Pandas was initially created by Wes McKinney in 2008 to meet the needs of financial data analysis. Over time, it has become an indispensable part of the Python data analysis ecosystem, widely used in data science, machine learning, finance, statistics, and many other fields.
2. Main Features
(a) Powerful data structures
- DataFrame : This is one of the core data structures in Pandas. It’s a two-dimensional tabular data structure, similar to a table in Excel. Each column of a DataFrame can store different types of data (such as numbers, strings, etc.), and the data can be accessed through column names and row indices. For example, we can create a DataFrame containing employee information (name, age, department, etc.), and retrieve all employee names by the column name “name,” or retrieve all information for a specific employee by the row index.
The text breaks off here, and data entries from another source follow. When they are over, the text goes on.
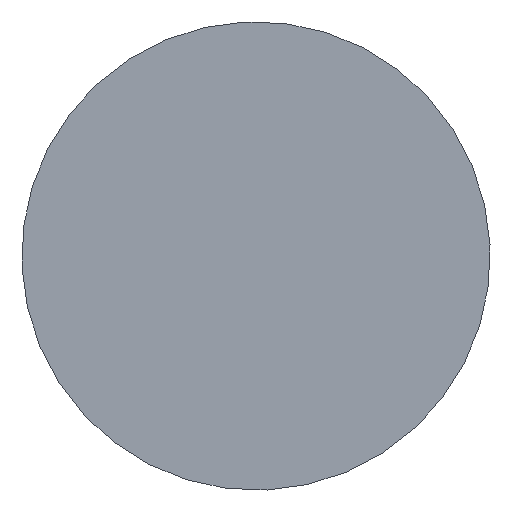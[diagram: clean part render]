
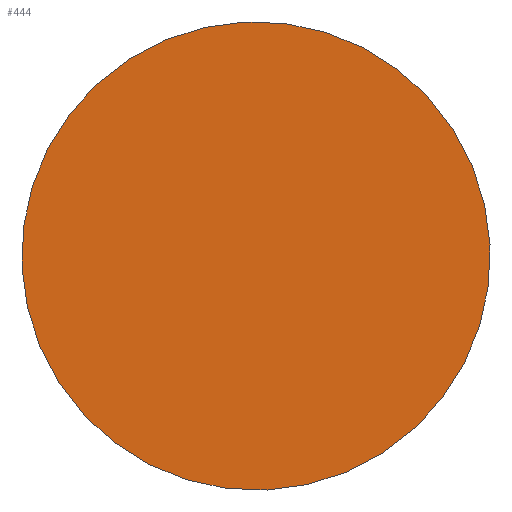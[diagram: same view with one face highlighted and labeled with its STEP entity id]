
A CAD part, front view. The second image highlights one B-rep face of the part: STEP entity #444.
In plain terms, the highlighted planar face has unit normal (0, -1, 0).
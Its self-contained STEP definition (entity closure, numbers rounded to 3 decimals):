
#84=FACE_OUTER_BOUND('',#114,.T.);
#114=EDGE_LOOP('',(#299,#300));
#155=CIRCLE('',#508,50.);
#156=CIRCLE('',#509,50.);
#184=VERTEX_POINT('',#710);
#185=VERTEX_POINT('',#711);
#226=EDGE_CURVE('',#184,#185,#155,.T.);
#227=EDGE_CURVE('',#185,#184,#156,.T.);
#299=ORIENTED_EDGE('',*,*,#226,.T.);
#300=ORIENTED_EDGE('',*,*,#227,.T.);
#403=PLANE('',#511);
#444=ADVANCED_FACE('',(#84),#403,.T.);
#508=AXIS2_PLACEMENT_3D('',#712,#588,#589);
#509=AXIS2_PLACEMENT_3D('',#713,#590,#591);
#511=AXIS2_PLACEMENT_3D('',#715,#594,#595);
#588=DIRECTION('center_axis',(0.,-1.,0.));
#589=DIRECTION('ref_axis',(0.922,0.,0.386));
#590=DIRECTION('center_axis',(0.,-1.,0.));
#591=DIRECTION('ref_axis',(0.922,0.,0.386));
#594=DIRECTION('center_axis',(0.,-1.,0.));
#595=DIRECTION('ref_axis',(0.386,0.,-0.922));
#710=CARTESIAN_POINT('',(46.119,-21.,19.313));
#711=CARTESIAN_POINT('',(-19.313,-21.,46.119));
#712=CARTESIAN_POINT('Origin',(0.,-21.,0.));
#713=CARTESIAN_POINT('Origin',(0.,-21.,0.));
#715=CARTESIAN_POINT('Origin',(23.06,-21.,9.657));

- Series : A Series is a one-dimensional array, similar to a NumPy array, but it can have an index. The index can be any hash type, such as an integer or string. Series are very convenient for processing single-column data. For example, when operating on a set of time series data (such as stock prices), the price at a specific point in time can be quickly accessed through the date index.
(ii) Flexible data manipulation
- Data cleaning : Pandas provides rich data cleaning functions that can easily handle missing values (such as filling and deleting missing values), duplicate data (such as deleting duplicate rows), outliers, etc. For example, for a DataFrame containing missing values, we can use the fillna() method to fill missing values, or use the dropna() method to delete rows containing missing values.
- Data filtering : Data can be filtered using various methods such as Boolean indexes, tag indexes, and position indexes. For example, we can use the Boolean expression `df[df[‘age’] > 30]` to filter out employee data whose age is greater than 30.
- Data merging : Pandas supports various data merging operations, such as `concat()` (for joining multiple data structures), `merge()` (similar to the SQL `JOIN` operation, which merges two DataFrames based on a specified key), and `join()` (merging based on an index). These features make it easy to integrate multiple data sources. For example, merging the employee information table and the employee performance table based on employee ID.
- Data grouping and aggregation : The `groupby()` method can be used to group data, and then aggregate functions (such as summation, average, count, etc.) can be applied to each group. For example, sales data can be grouped by region, and then the total sales for each region can be calculated.
(III) Time series analysis support
Pandas offers robust support for time series data. It can directly parse date and time strings to generate time series indexes. For example, `pd.date_range(start=’2024-01-01′, end=’2024-12-31′, freq=’D’)` generates a daily time series index from January 1, 2024 to December 31, 2024. Furthermore, Pandas supports operations such as time frequency conversion (e.g., converting daily data to monthly data) and time window calculations (e.g., calculating moving averages), making it extremely useful in fields involving time series data analysis, such as financial data analysis and meteorological data analysis.
(iv) Compatibility with other libraries
Pandas works seamlessly with other data analysis and scientific computing libraries in Python. For example, it can perform efficient array operations with NumPy, data visualization with Matplotlib, and training and predicting machine learning models with Scikit-learn. This excellent compatibility allows Pandas to be integrated into complete data analysis workflows.
3. Application Scenarios
(I) Financial Sector
In financial data analysis, Pandas can be used to process stock price data, trading data, and more. For example, by reading time-series stock price data, indicators such as stock returns and moving averages can be calculated. Return data from multiple stocks can also be merged to analyze correlations between them. Furthermore, Pandas can be used for risk management, such as identifying abnormal trading behavior by analyzing trading data.
(II) Data Science and Machine Learning
In data science projects, Pandas is an essential tool for data preprocessing. Data scientists can use Pandas to load data (e.g., from CSV files, databases, etc.), clean data (handling missing values, outliers, etc.), and explore data (calculating descriptive statistics, plotting data distribution, etc.). In machine learning, Pandas can divide datasets into training and testing sets, and can also perform operations such as standardization and normalization on feature data, preparing it for training machine learning models.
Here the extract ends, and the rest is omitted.